DATASET below:

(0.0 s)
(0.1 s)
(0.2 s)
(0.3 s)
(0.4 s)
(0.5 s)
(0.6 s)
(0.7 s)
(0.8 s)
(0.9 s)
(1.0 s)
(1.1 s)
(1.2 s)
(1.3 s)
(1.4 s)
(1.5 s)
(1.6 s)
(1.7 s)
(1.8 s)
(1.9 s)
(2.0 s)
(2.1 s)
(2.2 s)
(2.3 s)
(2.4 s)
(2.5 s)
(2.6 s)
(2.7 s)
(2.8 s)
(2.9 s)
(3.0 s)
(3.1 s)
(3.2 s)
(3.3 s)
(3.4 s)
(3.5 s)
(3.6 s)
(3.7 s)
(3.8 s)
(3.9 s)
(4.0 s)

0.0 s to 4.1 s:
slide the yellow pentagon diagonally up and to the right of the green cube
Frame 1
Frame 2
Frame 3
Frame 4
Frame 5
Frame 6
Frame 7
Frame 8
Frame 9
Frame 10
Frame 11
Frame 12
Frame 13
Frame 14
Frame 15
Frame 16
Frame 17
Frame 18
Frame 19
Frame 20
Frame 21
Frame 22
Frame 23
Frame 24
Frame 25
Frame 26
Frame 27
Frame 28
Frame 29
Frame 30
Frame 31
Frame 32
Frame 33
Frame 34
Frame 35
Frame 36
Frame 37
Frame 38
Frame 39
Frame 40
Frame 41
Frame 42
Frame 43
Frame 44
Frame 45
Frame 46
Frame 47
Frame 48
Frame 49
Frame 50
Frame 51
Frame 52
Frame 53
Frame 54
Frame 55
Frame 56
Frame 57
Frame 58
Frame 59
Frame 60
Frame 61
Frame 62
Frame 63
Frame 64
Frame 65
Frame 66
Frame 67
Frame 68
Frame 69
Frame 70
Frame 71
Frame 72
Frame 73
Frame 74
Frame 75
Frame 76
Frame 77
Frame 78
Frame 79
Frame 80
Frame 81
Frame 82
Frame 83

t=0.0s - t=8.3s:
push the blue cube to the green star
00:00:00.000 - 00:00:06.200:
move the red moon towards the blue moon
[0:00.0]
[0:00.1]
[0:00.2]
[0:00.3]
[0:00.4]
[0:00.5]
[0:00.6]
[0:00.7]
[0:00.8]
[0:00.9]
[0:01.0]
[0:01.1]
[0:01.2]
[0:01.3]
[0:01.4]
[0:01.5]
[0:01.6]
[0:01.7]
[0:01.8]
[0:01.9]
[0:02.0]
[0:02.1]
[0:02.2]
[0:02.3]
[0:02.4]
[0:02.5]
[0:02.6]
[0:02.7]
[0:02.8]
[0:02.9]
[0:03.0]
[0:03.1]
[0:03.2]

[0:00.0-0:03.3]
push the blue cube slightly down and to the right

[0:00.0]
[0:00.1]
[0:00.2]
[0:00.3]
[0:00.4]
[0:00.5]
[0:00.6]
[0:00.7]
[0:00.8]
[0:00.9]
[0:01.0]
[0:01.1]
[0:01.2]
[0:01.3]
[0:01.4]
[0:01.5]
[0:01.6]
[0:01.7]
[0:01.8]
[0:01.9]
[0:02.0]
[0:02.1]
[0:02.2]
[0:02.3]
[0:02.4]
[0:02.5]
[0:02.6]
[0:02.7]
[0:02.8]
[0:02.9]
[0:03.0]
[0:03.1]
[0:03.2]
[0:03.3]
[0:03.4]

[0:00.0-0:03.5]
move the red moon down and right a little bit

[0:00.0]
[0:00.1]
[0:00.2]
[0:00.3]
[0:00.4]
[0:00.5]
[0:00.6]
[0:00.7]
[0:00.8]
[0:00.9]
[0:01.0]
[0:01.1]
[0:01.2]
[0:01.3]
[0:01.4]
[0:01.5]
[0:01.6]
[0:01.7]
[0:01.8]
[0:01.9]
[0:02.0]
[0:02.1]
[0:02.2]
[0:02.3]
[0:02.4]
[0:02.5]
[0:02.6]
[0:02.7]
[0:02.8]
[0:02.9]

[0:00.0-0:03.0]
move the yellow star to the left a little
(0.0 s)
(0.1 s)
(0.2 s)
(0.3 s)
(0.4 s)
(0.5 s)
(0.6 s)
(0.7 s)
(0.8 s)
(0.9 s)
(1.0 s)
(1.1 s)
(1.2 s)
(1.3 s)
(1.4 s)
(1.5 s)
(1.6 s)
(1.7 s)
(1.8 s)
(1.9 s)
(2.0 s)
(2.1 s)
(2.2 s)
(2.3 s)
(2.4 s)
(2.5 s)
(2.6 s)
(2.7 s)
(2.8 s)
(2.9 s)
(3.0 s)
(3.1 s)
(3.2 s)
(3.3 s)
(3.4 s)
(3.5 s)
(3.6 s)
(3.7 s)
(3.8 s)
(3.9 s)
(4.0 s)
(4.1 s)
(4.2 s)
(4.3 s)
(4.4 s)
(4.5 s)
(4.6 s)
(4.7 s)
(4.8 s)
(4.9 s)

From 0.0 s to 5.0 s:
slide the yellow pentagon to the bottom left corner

End of DATASET.

WORK REQUIRED ▸ A word-for-word copy of the listing is the expected answer.

EXERCISE SOLUTION ▸
(0.0 s)
(0.1 s)
(0.2 s)
(0.3 s)
(0.4 s)
(0.5 s)
(0.6 s)
(0.7 s)
(0.8 s)
(0.9 s)
(1.0 s)
(1.1 s)
(1.2 s)
(1.3 s)
(1.4 s)
(1.5 s)
(1.6 s)
(1.7 s)
(1.8 s)
(1.9 s)
(2.0 s)
(2.1 s)
(2.2 s)
(2.3 s)
(2.4 s)
(2.5 s)
(2.6 s)
(2.7 s)
(2.8 s)
(2.9 s)
(3.0 s)
(3.1 s)
(3.2 s)
(3.3 s)
(3.4 s)
(3.5 s)
(3.6 s)
(3.7 s)
(3.8 s)
(3.9 s)
(4.0 s)

0.0 s to 4.1 s:
slide the yellow pentagon diagonally up and to the right of the green cube
Frame 1
Frame 2
Frame 3
Frame 4
Frame 5
Frame 6
Frame 7
Frame 8
Frame 9
Frame 10
Frame 11
Frame 12
Frame 13
Frame 14
Frame 15
Frame 16
Frame 17
Frame 18
Frame 19
Frame 20
Frame 21
Frame 22
Frame 23
Frame 24
Frame 25
Frame 26
Frame 27
Frame 28
Frame 29
Frame 30
Frame 31
Frame 32
Frame 33
Frame 34
Frame 35
Frame 36
Frame 37
Frame 38
Frame 39
Frame 40
Frame 41
Frame 42
Frame 43
Frame 44
Frame 45
Frame 46
Frame 47
Frame 48
Frame 49
Frame 50
Frame 51
Frame 52
Frame 53
Frame 54
Frame 55
Frame 56
Frame 57
Frame 58
Frame 59
Frame 60
Frame 61
Frame 62
Frame 63
Frame 64
Frame 65
Frame 66
Frame 67
Frame 68
Frame 69
Frame 70
Frame 71
Frame 72
Frame 73
Frame 74
Frame 75
Frame 76
Frame 77
Frame 78
Frame 79
Frame 80
Frame 81
Frame 82
Frame 83

t=0.0s - t=8.3s:
push the blue cube to the green star
00:00:00.000 - 00:00:06.200:
move the red moon towards the blue moon
[0:00.0]
[0:00.1]
[0:00.2]
[0:00.3]
[0:00.4]
[0:00.5]
[0:00.6]
[0:00.7]
[0:00.8]
[0:00.9]
[0:01.0]
[0:01.1]
[0:01.2]
[0:01.3]
[0:01.4]
[0:01.5]
[0:01.6]
[0:01.7]
[0:01.8]
[0:01.9]
[0:02.0]
[0:02.1]
[0:02.2]
[0:02.3]
[0:02.4]
[0:02.5]
[0:02.6]
[0:02.7]
[0:02.8]
[0:02.9]
[0:03.0]
[0:03.1]
[0:03.2]

[0:00.0-0:03.3]
push the blue cube slightly down and to the right

[0:00.0]
[0:00.1]
[0:00.2]
[0:00.3]
[0:00.4]
[0:00.5]
[0:00.6]
[0:00.7]
[0:00.8]
[0:00.9]
[0:01.0]
[0:01.1]
[0:01.2]
[0:01.3]
[0:01.4]
[0:01.5]
[0:01.6]
[0:01.7]
[0:01.8]
[0:01.9]
[0:02.0]
[0:02.1]
[0:02.2]
[0:02.3]
[0:02.4]
[0:02.5]
[0:02.6]
[0:02.7]
[0:02.8]
[0:02.9]
[0:03.0]
[0:03.1]
[0:03.2]
[0:03.3]
[0:03.4]

[0:00.0-0:03.5]
move the red moon down and right a little bit

[0:00.0]
[0:00.1]
[0:00.2]
[0:00.3]
[0:00.4]
[0:00.5]
[0:00.6]
[0:00.7]
[0:00.8]
[0:00.9]
[0:01.0]
[0:01.1]
[0:01.2]
[0:01.3]
[0:01.4]
[0:01.5]
[0:01.6]
[0:01.7]
[0:01.8]
[0:01.9]
[0:02.0]
[0:02.1]
[0:02.2]
[0:02.3]
[0:02.4]
[0:02.5]
[0:02.6]
[0:02.7]
[0:02.8]
[0:02.9]

[0:00.0-0:03.0]
move the yellow star to the left a little
(0.0 s)
(0.1 s)
(0.2 s)
(0.3 s)
(0.4 s)
(0.5 s)
(0.6 s)
(0.7 s)
(0.8 s)
(0.9 s)
(1.0 s)
(1.1 s)
(1.2 s)
(1.3 s)
(1.4 s)
(1.5 s)
(1.6 s)
(1.7 s)
(1.8 s)
(1.9 s)
(2.0 s)
(2.1 s)
(2.2 s)
(2.3 s)
(2.4 s)
(2.5 s)
(2.6 s)
(2.7 s)
(2.8 s)
(2.9 s)
(3.0 s)
(3.1 s)
(3.2 s)
(3.3 s)
(3.4 s)
(3.5 s)
(3.6 s)
(3.7 s)
(3.8 s)
(3.9 s)
(4.0 s)
(4.1 s)
(4.2 s)
(4.3 s)
(4.4 s)
(4.5 s)
(4.6 s)
(4.7 s)
(4.8 s)
(4.9 s)

From 0.0 s to 5.0 s:
slide the yellow pentagon to the bottom left corner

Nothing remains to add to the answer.